Government is an impalpable entity. Something or somebody that nobody can really physically hold down. The only thing we know about government is when things don't work or when they work well. Why can government not do this why can it not do that. Government has promised us this or that ? And when government is really seen to be at work, it is through local agents ordinary people can see and touch. Some these agent are contractors. A very noble profession indeed ; taken from a common-level definition of what is expected of them : that is, translating into concrete reality, what the intractable government organisation is expected to be. By devolving some of its developmental activities to contractors, government simply wanted to make its presence physically felt in the myriad of facets of developmental challenges it has in improving the lives of ordinary citizens. But what does the Cameroonian contractor today consider to be his role? Most of them think that their role is to make money from government contracts.
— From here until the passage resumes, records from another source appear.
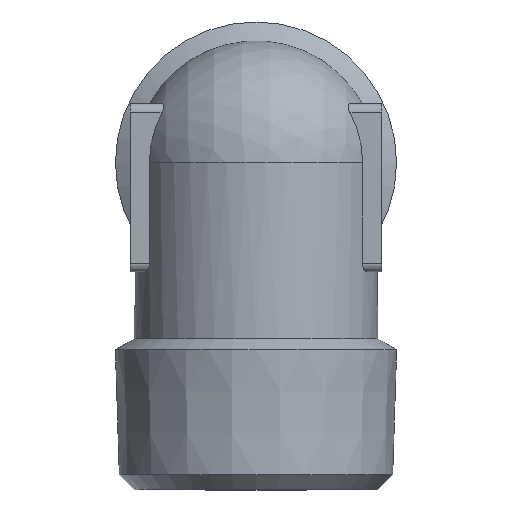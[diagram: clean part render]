
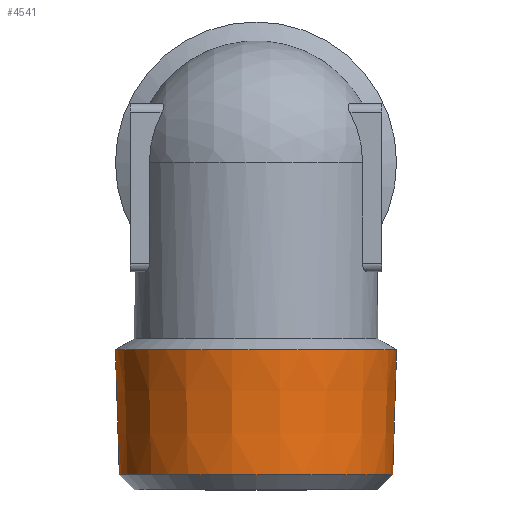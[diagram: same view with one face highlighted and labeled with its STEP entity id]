
A CAD part, left-side view. The second image highlights one B-rep face of the part: STEP entity #4541.
In plain terms, the highlighted conical face has half-angle 1.79 degrees and reference radius 16.825 mm.
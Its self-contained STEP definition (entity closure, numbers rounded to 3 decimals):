
#1258=CONICAL_SURFACE('',#4468,16.825,1.79);
#1384=ORIENTED_EDGE('',*,*,#1672,.F.);
#1385=ORIENTED_EDGE('',*,*,#1673,.F.);
#1510=CIRCLE('',#4469,16.75);
#1511=CIRCLE('',#4470,16.284);
#1580=VERTEX_POINT('',#4336);
#1581=VERTEX_POINT('',#4338);
#1672=EDGE_CURVE('',#1580,#1580,#1510,.T.);
#1673=EDGE_CURVE('',#1581,#1581,#1511,.T.);
#1739=EDGE_LOOP('',(#1384));
#1740=EDGE_LOOP('',(#1385));
#1800=FACE_BOUND('',#1739,.T.);
#1801=FACE_BOUND('',#1740,.T.);
#1974=DIRECTION('',(0.,1.,0.));
#1975=DIRECTION('',(0.,0.,1.));
#1976=DIRECTION('',(0.,1.,0.));
#1977=DIRECTION('',(0.,0.,16.75));
#1978=DIRECTION('',(0.,-1.,0.));
#1979=DIRECTION('',(0.,0.,16.284));
#4335=CARTESIAN_POINT('',(22.488,29.173,0.));
#4336=CARTESIAN_POINT('',(22.488,26.774,16.75));
#4337=CARTESIAN_POINT('',(22.488,26.774,0.));
#4338=CARTESIAN_POINT('',(22.488,11.873,16.284));
#4339=CARTESIAN_POINT('',(22.488,11.873,0.));
#4468=AXIS2_PLACEMENT_3D('',#4335,#1974,#1975);
#4469=AXIS2_PLACEMENT_3D('',#4337,#1976,#1977);
#4470=AXIS2_PLACEMENT_3D('',#4339,#1978,#1979);
#4541=ADVANCED_FACE('',(#1800,#1801),#1258,.T.);
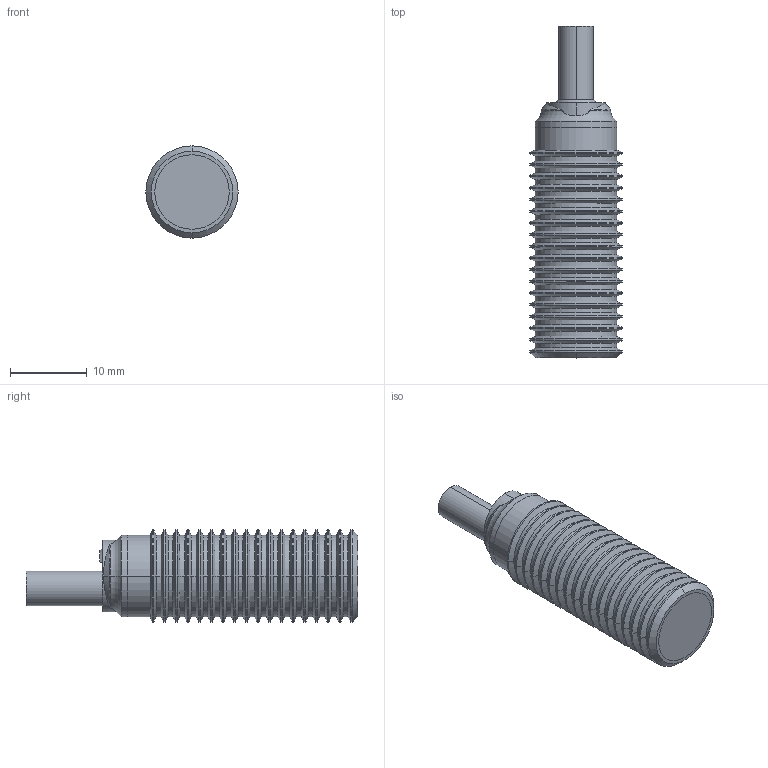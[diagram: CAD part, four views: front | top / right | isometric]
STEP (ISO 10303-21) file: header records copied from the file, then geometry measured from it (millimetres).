
FILE_DESCRIPTION(('STEP AP214'),'1');
FILE_NAME('cctmp_EED780C0-9123-4843-B9C9-CCFCB73941B9_2022_07_21_11_26_59_0897..stp','2022-07-21T09:26:59',('Pepperl+Fuchs GmbH'),('CADClick - www.CADClick.com'),'Spatial InterOp 3D',' ','unknown authorization');
FILE_SCHEMA(('AUTOMOTIVE_DESIGN'));
Length unit declared in the file: millimetre
Products named in the file (6): cc_unnamed; NBB2-12GM30-E2_4; NBB2-12GM30-E2_3; NBB2-12GM30-E2_2; NBB2-12GM30-E2_1; NBB2-12GM30-E2
Assembly tree (5 placements, depth 2):
  cc_unnamed
    NBB2-12GM30-E2_4
    NBB2-12GM30-E2_3
    NBB2-12GM30-E2_2
    NBB2-12GM30-E2_1
    NBB2-12GM30-E2
Bounding box: 12 x 43.21 x 12 mm (x, y, z)
Volume: 3781.7 mm3; surface area: 3152.1 mm2
Topology: 5 solids, 5 shells, 193 faces, 390 edges, 210 vertices
Faces by surface type: cylinder 85, cone 83, plane 17, torus 6, bspline 2
Entity records: 6937 total; most frequent: CARTESIAN_POINT 1153, DIRECTION 964, ORIENTED_EDGE 776, AXIS2_PLACEMENT_3D 397, EDGE_CURVE 388, VERTEX_POINT 210, STYLED_ITEM 198, PRESENTATION_STYLE_ASSIGNMENT 198

They fail to identify with the developmental objectives of government.

Across the national triangle - from Kousseri in the Far-North to Kyie-Ossi in the South or from Ndelele in the East to Eyumojock in the Extreme Western part of Cameroon, hundreds and hundreds of contractors are at work to transform government's developmental commitments into concrete reality. But rather than use these golden opportunities offered by government to contribute in the effort to get our country out of c backwardness, contractors have rather found in this exercise, a good opportunity to make quick money. To reap where they never sew at the expense of the people.

In the atmosphere of generalised impunity (Operation Epervier has only recently come into the scene!), several contractors have ignored rules and regulations; to the extent that contractors generally ignore all the conditionalities prescribed in tender documents. They operate as if laws did not exist. In this cacophonic atmosphere, in which the toughest rogues get their way, the victims have been ordinary citizens: those in dire need of basic educational, health and transportation infrastructure.
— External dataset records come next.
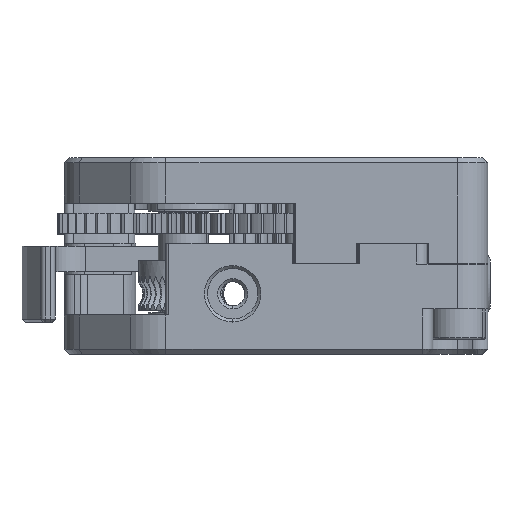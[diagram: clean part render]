
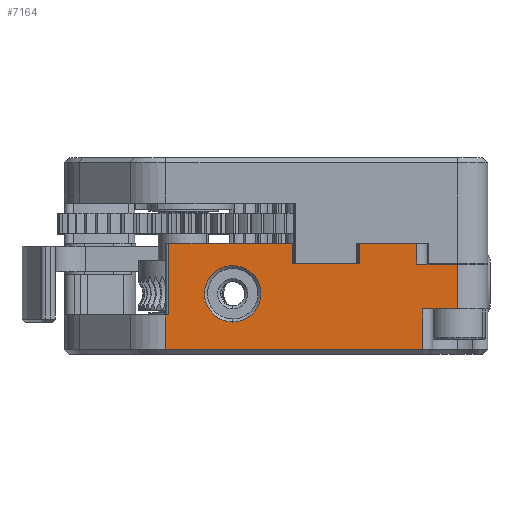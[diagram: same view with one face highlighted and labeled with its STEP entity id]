
A CAD part, front view. The second image highlights one B-rep face of the part: STEP entity #7164.
In plain terms, the highlighted face is planar.
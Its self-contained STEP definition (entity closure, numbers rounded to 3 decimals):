
#84 = DIRECTION ( 'NONE',  ( 0., -1., 0. ) ) ;
#220 = VERTEX_POINT ( 'NONE', #34168 ) ;
#389 = CARTESIAN_POINT ( 'NONE',  ( -24., 18., 2.05 ) ) ;
#707 = ORIENTED_EDGE ( 'NONE', *, *, #24858, .T. ) ;
#906 = CIRCLE ( 'NONE', #26588, 2.8 ) ;
#1146 = VECTOR ( 'NONE', #36318, 1000. ) ;
#1478 = ORIENTED_EDGE ( 'NONE', *, *, #3372, .T. ) ;
#1595 = CARTESIAN_POINT ( 'NONE',  ( -24., -10.929, 10.5 ) ) ;
#1709 = DIRECTION ( 'NONE',  ( 0., 0., -1. ) ) ;
#2101 = CARTESIAN_POINT ( 'NONE',  ( -24., 8.3, 0. ) ) ;
#2246 = ORIENTED_EDGE ( 'NONE', *, *, #35776, .T. ) ;
#2350 = LINE ( 'NONE', #3242, #36216 ) ;
#2476 = ORIENTED_EDGE ( 'NONE', *, *, #29346, .T. ) ;
#2558 = VERTEX_POINT ( 'NONE', #28839 ) ;
#2689 = VERTEX_POINT ( 'NONE', #18888 ) ;
#3242 = CARTESIAN_POINT ( 'NONE',  ( -24., 14.536, 10.5 ) ) ;
#3372 = EDGE_CURVE ( 'NONE', #2689, #15035, #18903, .T. ) ;
#3567 = VERTEX_POINT ( 'NONE', #1595 ) ;
#3784 = VECTOR ( 'NONE', #38193, 1000. ) ;
#3848 = AXIS2_PLACEMENT_3D ( 'NONE', #35824, #32690, #13292 ) ;
#4036 = VERTEX_POINT ( 'NONE', #13782 ) ;
#4790 = EDGE_CURVE ( 'NONE', #12637, #220, #11201, .T. ) ;
#5864 = VECTOR ( 'NONE', #35161, 1000. ) ;
#6357 = DIRECTION ( 'NONE',  ( 0., 0., 1. ) ) ;
#6694 = CARTESIAN_POINT ( 'NONE',  ( -24., 18., 11. ) ) ;
#7164 = ADVANCED_FACE ( 'NONE', ( #28945, #21286 ), #12192, .F. ) ;
#7173 = CARTESIAN_POINT ( 'NONE',  ( -24., 21., 2. ) ) ;
#7203 = DIRECTION ( 'NONE',  ( 0., 1., 0. ) ) ;
#7768 = EDGE_CURVE ( 'NONE', #3567, #14193, #2350, .T. ) ;
#8736 = DIRECTION ( 'NONE',  ( 0., 0., -1. ) ) ;
#9290 = CARTESIAN_POINT ( 'NONE',  ( -24., -10.929, 11. ) ) ;
#9558 = CARTESIAN_POINT ( 'NONE',  ( -24., -10.629, 11. ) ) ;
#9823 = ORIENTED_EDGE ( 'NONE', *, *, #7768, .T. ) ;
#10417 = DIRECTION ( 'NONE',  ( 0., 1., 0. ) ) ;
#10537 = ORIENTED_EDGE ( 'NONE', *, *, #17053, .T. ) ;
#11163 = VECTOR ( 'NONE', #22694, 1000. ) ;
#11201 = LINE ( 'NONE', #39062, #1146 ) ;
#11509 = EDGE_CURVE ( 'NONE', #16774, #29696, #36044, .T. ) ;
#12154 = EDGE_CURVE ( 'NONE', #36002, #16774, #14166, .T. ) ;
#12192 = PLANE ( 'NONE',  #25106 ) ;
#12331 = CARTESIAN_POINT ( 'NONE',  ( -24., 21., 11. ) ) ;
#12637 = VERTEX_POINT ( 'NONE', #19100 ) ;
#13292 = DIRECTION ( 'NONE',  ( 0., 0., -1. ) ) ;
#13782 = CARTESIAN_POINT ( 'NONE',  ( -24., 1.6, 2. ) ) ;
#14049 = VERTEX_POINT ( 'NONE', #22112 ) ;
#14166 = LINE ( 'NONE', #38853, #11163 ) ;
#14183 = VECTOR ( 'NONE', #7203, 1000. ) ;
#14193 = VERTEX_POINT ( 'NONE', #29359 ) ;
#14280 = VERTEX_POINT ( 'NONE', #389 ) ;
#14912 = ORIENTED_EDGE ( 'NONE', *, *, #12154, .T. ) ;
#15035 = VERTEX_POINT ( 'NONE', #28122 ) ;
#15704 = DIRECTION ( 'NONE',  ( 1., 0., 0. ) ) ;
#16264 = ORIENTED_EDGE ( 'NONE', *, *, #29142, .T. ) ;
#16317 = EDGE_CURVE ( 'NONE', #15035, #2689, #906, .T. ) ;
#16403 = LINE ( 'NONE', #7173, #36182 ) ;
#16774 = VERTEX_POINT ( 'NONE', #2101 ) ;
#17053 = EDGE_CURVE ( 'NONE', #14049, #3567, #22523, .T. ) ;
#17564 = EDGE_CURVE ( 'NONE', #4036, #29696, #16403, .T. ) ;
#18528 = VECTOR ( 'NONE', #84, 1000. ) ;
#18888 = CARTESIAN_POINT ( 'NONE',  ( -24., -4.3, 7.8 ) ) ;
#18903 = CIRCLE ( 'NONE', #3848, 2.8 ) ;
#18935 = LINE ( 'NONE', #31134, #3784 ) ;
#19100 = CARTESIAN_POINT ( 'NONE',  ( -24., 1.6, 0. ) ) ;
#19601 = LINE ( 'NONE', #21726, #40403 ) ;
#19707 = VERTEX_POINT ( 'NONE', #37929 ) ;
#20120 = ORIENTED_EDGE ( 'NONE', *, *, #11509, .T. ) ;
#21163 = CARTESIAN_POINT ( 'NONE',  ( -24., 1.6, 11. ) ) ;
#21286 = FACE_OUTER_BOUND ( 'NONE', #27419, .T. ) ;
#21726 = CARTESIAN_POINT ( 'NONE',  ( -24., 13.95, 11. ) ) ;
#22112 = CARTESIAN_POINT ( 'NONE',  ( -24., -10.929, 7.1 ) ) ;
#22363 = VECTOR ( 'NONE', #1709, 1000. ) ;
#22523 = LINE ( 'NONE', #9290, #5864 ) ;
#22694 = DIRECTION ( 'NONE',  ( 0., -1., 0. ) ) ;
#22760 = CARTESIAN_POINT ( 'NONE',  ( -24., 0., 6.5 ) ) ;
#23136 = DIRECTION ( 'NONE',  ( 0., 1., 0. ) ) ;
#23178 = VERTEX_POINT ( 'NONE', #37634 ) ;
#23458 = ORIENTED_EDGE ( 'NONE', *, *, #37549, .T. ) ;
#24648 = EDGE_CURVE ( 'NONE', #19707, #14280, #39600, .T. ) ;
#24825 = ORIENTED_EDGE ( 'NONE', *, *, #4790, .T. ) ;
#24858 = EDGE_CURVE ( 'NONE', #4036, #12637, #28475, .T. ) ;
#25106 = AXIS2_PLACEMENT_3D ( 'NONE', #12331, #15704, #41524 ) ;
#25734 = EDGE_LOOP ( 'NONE', ( #1478, #28025 ) ) ;
#25856 = ORIENTED_EDGE ( 'NONE', *, *, #28547, .T. ) ;
#26169 = CARTESIAN_POINT ( 'NONE',  ( -24., -10.629, 7.1 ) ) ;
#26367 = CARTESIAN_POINT ( 'NONE',  ( -24., 21., 2.05 ) ) ;
#26588 = AXIS2_PLACEMENT_3D ( 'NONE', #40342, #33670, #30717 ) ;
#27419 = EDGE_LOOP ( 'NONE', ( #37630, #707, #24825, #23458, #16264, #10537, #9823, #2246, #41450, #40168, #2476, #25856, #14912, #20120 ) ) ;
#28025 = ORIENTED_EDGE ( 'NONE', *, *, #16317, .T. ) ;
#28122 = CARTESIAN_POINT ( 'NONE',  ( -24., -4.3, 2.2 ) ) ;
#28475 = LINE ( 'NONE', #21163, #22363 ) ;
#28547 = EDGE_CURVE ( 'NONE', #23178, #36002, #19601, .T. ) ;
#28839 = CARTESIAN_POINT ( 'NONE',  ( -24., 14.536, 6.5 ) ) ;
#28945 = FACE_BOUND ( 'NONE', #25734, .T. ) ;
#29142 = EDGE_CURVE ( 'NONE', #36940, #14049, #29214, .T. ) ;
#29214 = LINE ( 'NONE', #41656, #18528 ) ;
#29346 = EDGE_CURVE ( 'NONE', #14280, #23178, #37775, .T. ) ;
#29349 = DIRECTION ( 'NONE',  ( 0., 0., -1. ) ) ;
#29359 = CARTESIAN_POINT ( 'NONE',  ( -24., 14.536, 10.5 ) ) ;
#29495 = LINE ( 'NONE', #9558, #31531 ) ;
#29610 = DIRECTION ( 'NONE',  ( 0., -1., 0. ) ) ;
#29696 = VERTEX_POINT ( 'NONE', #36557 ) ;
#30717 = DIRECTION ( 'NONE',  ( 0., 0., -1. ) ) ;
#31134 = CARTESIAN_POINT ( 'NONE',  ( -24., 14.536, 11. ) ) ;
#31531 = VECTOR ( 'NONE', #32181, 1000. ) ;
#32181 = DIRECTION ( 'NONE',  ( 0., 0., 1. ) ) ;
#32385 = CARTESIAN_POINT ( 'NONE',  ( -24., 8.3, 11. ) ) ;
#32690 = DIRECTION ( 'NONE',  ( 1., 0., 0. ) ) ;
#33196 = VECTOR ( 'NONE', #29610, 1000. ) ;
#33670 = DIRECTION ( 'NONE',  ( 1., 0., 0. ) ) ;
#34168 = CARTESIAN_POINT ( 'NONE',  ( -24., -10.629, 0. ) ) ;
#35161 = DIRECTION ( 'NONE',  ( 0., 0., 1. ) ) ;
#35776 = EDGE_CURVE ( 'NONE', #14193, #2558, #18935, .T. ) ;
#35824 = CARTESIAN_POINT ( 'NONE',  ( -24., -4.3, 5. ) ) ;
#36002 = VERTEX_POINT ( 'NONE', #39311 ) ;
#36036 = VECTOR ( 'NONE', #29349, 1000. ) ;
#36044 = LINE ( 'NONE', #32385, #38557 ) ;
#36182 = VECTOR ( 'NONE', #10417, 1000. ) ;
#36216 = VECTOR ( 'NONE', #23136, 1000. ) ;
#36318 = DIRECTION ( 'NONE',  ( 0., -1., 0. ) ) ;
#36557 = CARTESIAN_POINT ( 'NONE',  ( -24., 8.3, 2. ) ) ;
#36940 = VERTEX_POINT ( 'NONE', #26169 ) ;
#37549 = EDGE_CURVE ( 'NONE', #220, #36940, #29495, .T. ) ;
#37630 = ORIENTED_EDGE ( 'NONE', *, *, #17564, .F. ) ;
#37634 = CARTESIAN_POINT ( 'NONE',  ( -24., 13.95, 2.05 ) ) ;
#37775 = LINE ( 'NONE', #26367, #33196 ) ;
#37929 = CARTESIAN_POINT ( 'NONE',  ( -24., 18., 6.5 ) ) ;
#38193 = DIRECTION ( 'NONE',  ( 0., 0., -1. ) ) ;
#38557 = VECTOR ( 'NONE', #6357, 1000. ) ;
#38853 = CARTESIAN_POINT ( 'NONE',  ( -24., 21., 0. ) ) ;
#39062 = CARTESIAN_POINT ( 'NONE',  ( -24., 21., 0. ) ) ;
#39311 = CARTESIAN_POINT ( 'NONE',  ( -24., 13.95, 0. ) ) ;
#39553 = EDGE_CURVE ( 'NONE', #2558, #19707, #41099, .T. ) ;
#39600 = LINE ( 'NONE', #6694, #36036 ) ;
#40168 = ORIENTED_EDGE ( 'NONE', *, *, #24648, .T. ) ;
#40342 = CARTESIAN_POINT ( 'NONE',  ( -24., -4.3, 5. ) ) ;
#40403 = VECTOR ( 'NONE', #8736, 1000. ) ;
#41099 = LINE ( 'NONE', #22760, #14183 ) ;
#41450 = ORIENTED_EDGE ( 'NONE', *, *, #39553, .T. ) ;
#41524 = DIRECTION ( 'NONE',  ( 0., 0., -1. ) ) ;
#41656 = CARTESIAN_POINT ( 'NONE',  ( -24., -9.2, 7.1 ) ) ;

An irate Ephraim Inoni, Prime Minister of the Republic, stirred the hornet's nest in a circular letter of a highly-strident tone last Friday April 18, 2008 when he observed that in spite of measures taken to put order in the area of public contracts, several reprehensible practices and a poor functioning system were still to much present, hindering the attainment of desired results.

Diagnosis

The PM's diagnosis identified several shortcomings least of which are not, among others the generalised indiscipline of project owners, vote holders or tenders' boards in carrying out their duties.

According to the Prime Minister's circular, the situation is characterised, inter-alia, by the inexistence or poor quality of feasibility studies which inevitably lead to erroneous attributions of budgetary allocutions; poor conception of tender documents which later lead to annulments and protests by tenderers due to the non-respect of official deadlines; the fractioning of contracts to run for several years whereas the same contract could have run far one budgetary year; the systematic non-publication of tenders in the Journal of Public Tenders; the abusive rejection of tenders on grounds linked to the absence of some administrative documents attributable to tenderers; the late Constitution of sub-commissions set up to analyse tenders after the opening of rich tenders the exceeding of the 30 day limit within which such analyse must be made; the abusive introduction of new criteria which were not initially in the tender document; the non-transmission of tenders to the Public Tenders Regulatory Board as statutory required etc. The list of recriminations, highlighted by the Prime Minister is long. About 20 in all.

Relevant Links

As by the tone of the Head of Government, the desire is that all actors respect existing texts. For, if contractors are not delivering as expected, it is largely due to the complacency of project owners. And by Project Owners, we mean those in the interface between government and those expected to execute contracts. It is because of the complacency of these Project Owners that so many people are able to cheat government and, in the process, hold down developmental efforts.